With unspoken agreement, we began to rock against each other. She moved slowly and languidly. Her cheeks were flushed, and both of us were breathing heavily. I wanted to make it last, but I didn't know if I could. Her eyes fluttered closed, and I wanted to get her there before I exploded. My hand snaked between us, and I circled my thumb around the tight bud of nerves. She gasped, and the sound was almost enough to end it right there. Her rocking grew more erratic, and the sound of our panting filled the room. When she cried out, I nearly wept from relief. I circled my arm around her relaxed form, switching our positions so that she was laid on the bed under me. I gathered her hair with one hand and kissed her, as I pumped my hips into her. She wrapped her legs around me and hung on as we rode together towards my orgasm, finally spilling into her with a gasp and a groan.

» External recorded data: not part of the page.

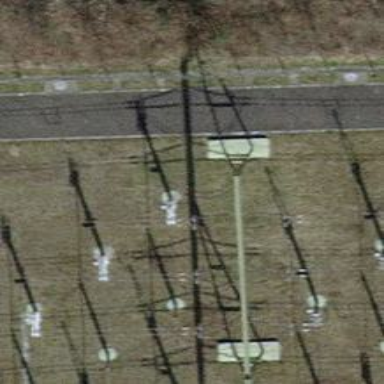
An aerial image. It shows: Insulator used in power equipment.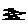
Label: zigzag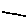
Label: line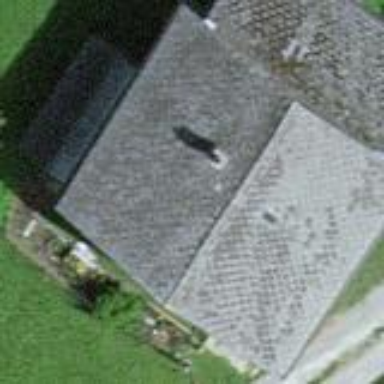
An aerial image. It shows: Gabled roof farm building.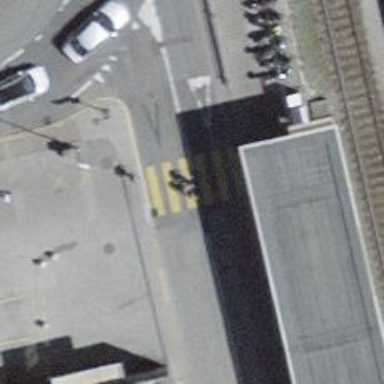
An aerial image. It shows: Asphalt footway with crossing.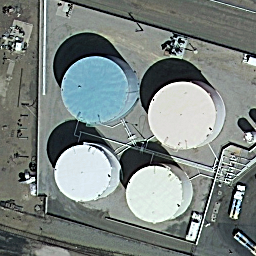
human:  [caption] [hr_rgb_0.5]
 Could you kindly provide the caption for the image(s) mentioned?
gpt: Four storage tanks are arranged neatly on the ground .

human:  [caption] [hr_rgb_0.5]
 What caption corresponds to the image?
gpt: Four storage tanks are arranged neatly on the ground .

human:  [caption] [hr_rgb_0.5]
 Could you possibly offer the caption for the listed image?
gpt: There are four storage tanks arranged neatly on the ground .

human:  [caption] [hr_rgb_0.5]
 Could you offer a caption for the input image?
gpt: There are four storage tanks arranged neatly on the ground .

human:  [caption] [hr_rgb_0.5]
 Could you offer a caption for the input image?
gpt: Four storage tanks are arranged neatly on the ground .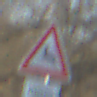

I shifted over to my side, pulling her close next to me, both of our hearts pounding against each other. I nuzzled her neck with my lips, wishing that the moment would never end.
"Rory's not going to believe it," she murmured, sounding lazy and sated.
"Hmm," I replied noncommittally. I tried to push down some panic, that maybe it was a one-time thing.
"Good thing she's going to off to college soon," she continued, reaching her arms out to hold me more tightly.
"Why do you say that?" I asked, holding my breath.
"She won't want to hear us rollicking like that," Lorelai said. I opened my eyes, and saw the whisper of a smile on her lips. I felt myself relaxing into her embrace.
"No, she won't," I agreed, and closed my eyes, thanking the snow for dumping all over Stars Hollow.
Dawn came sooner than either of us would have liked. The sun was peeking around the mostly snow-covered windows, sending beams of yellow into the apartment. I shifted slightly, pulling Lorelai's naked body more tightly against mine. With a sigh, I realized I should probably go downstairs, and see if there was any point to opening this morning. It had been a long time since it snowed so much that I didn't have at least a few stragglers banging on the door, wanting coffee and scrambled eggs. But when I attempted to slip out of the bed, Lorelai's grip on me tightened.
"I have to go downstairs," I mumbled into her hair.
"No, baby," she said softly, holding me to her. Her feet moved to tuck between mine, our skin still hot from being pressed up against each other all night. "It's cold outside."